Raw data:
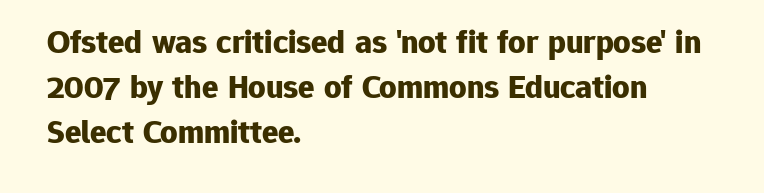
{"serif": "no", "italic": "no", "bold": "yes", "weight": "bold", "width": "normal", "stroke_contrast": "low", "x_height": "medium", "monospaced": "no", "underline": "no", "align": "left", "line_spacing": "normal", "line_spacing_ratio": 1.33, "letter_spacing": "normal", "letter_spacing_em": 0.0, "glyph_px": 34}
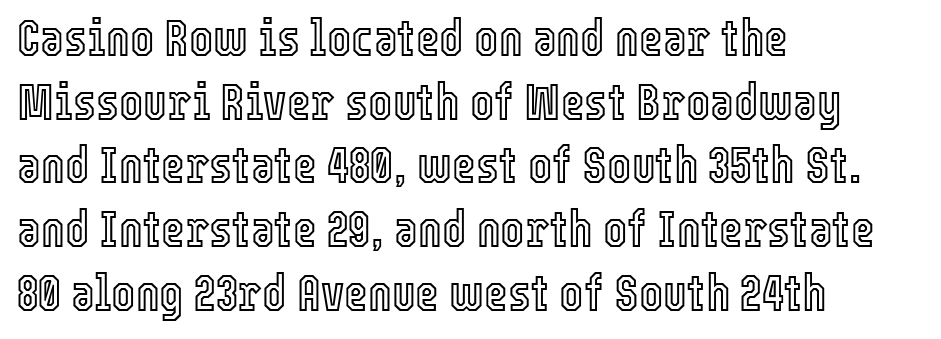
Q: Is the text italic (slanted)? A: No, it is upright.
Q: Is the text underlined? A: No.
Q: How is the paragraph aligned? A: Left-aligned.
Q: Is the spacing between letters normal or unusually wide? A: Normal.
Q: Is the spacing between lines tight, normal or loose? A: Normal.
Q: Width (condensed, normal, or wide)? A: Condensed.
Q: x-height? A: Medium.
Q: Monospaced? A: No.
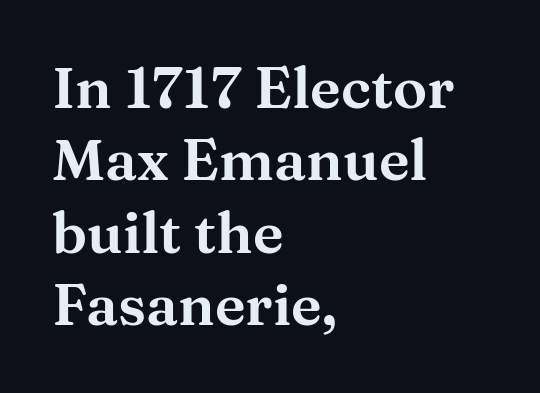
Alignment: flush left. Words appear dense and cohesive because spacing is normal. The letters stand straight up with perfectly vertical stems. Line spacing here is normal. A typesetter would call this proportional, since set widths differ per character. Lines of text with bare space underneath.
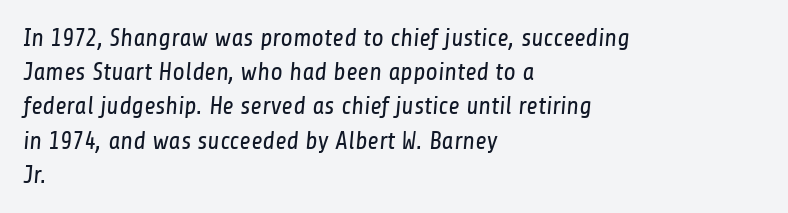
Q: Is the text bold? A: No.
Q: Is the text underlined? A: No.
Q: How is the paragraph aligned? A: Left-aligned.
Q: Is the spacing between letters normal or unusually wide? A: Normal.
Q: Is the spacing between lines tight, normal or loose? A: Normal.
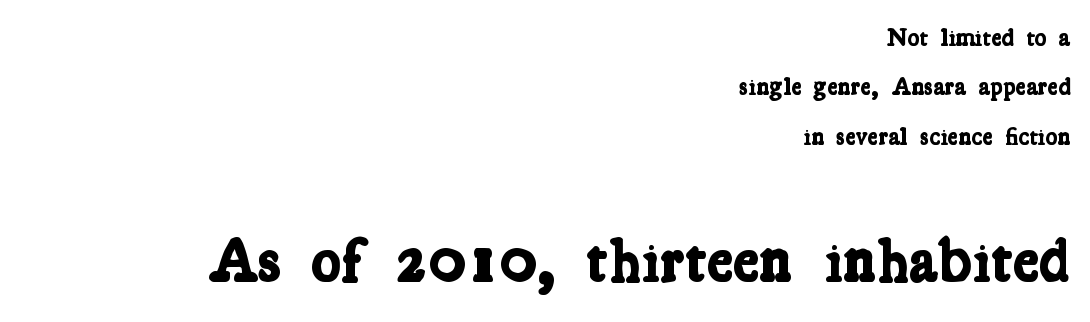
Emphasis by weight is at full strength: bold. The second block has been scaled up relative to the first. A clean baseline with only descenders dipping below it. These lines stand farther apart than default settings would place them. These lines stack with their right ends in a neat column.
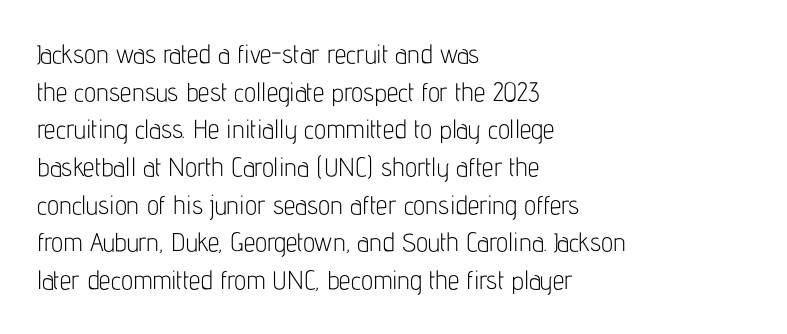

What you need to do:
Search the entries for the word "italic". Copy every line where it occurs.

Response:
{"serif": "no", "italic": "no", "bold": "yes", "weight": "bold", "width": "normal", "stroke_contrast": "low", "x_height": "medium", "monospaced": "no", "underline": "no", "align": "left", "line_spacing": "normal", "line_spacing_ratio": 1.33, "letter_spacing": "normal", "letter_spacing_em": 0.0, "glyph_px": 34}
Q: Is the text italic (slanted)? A: No, it is upright.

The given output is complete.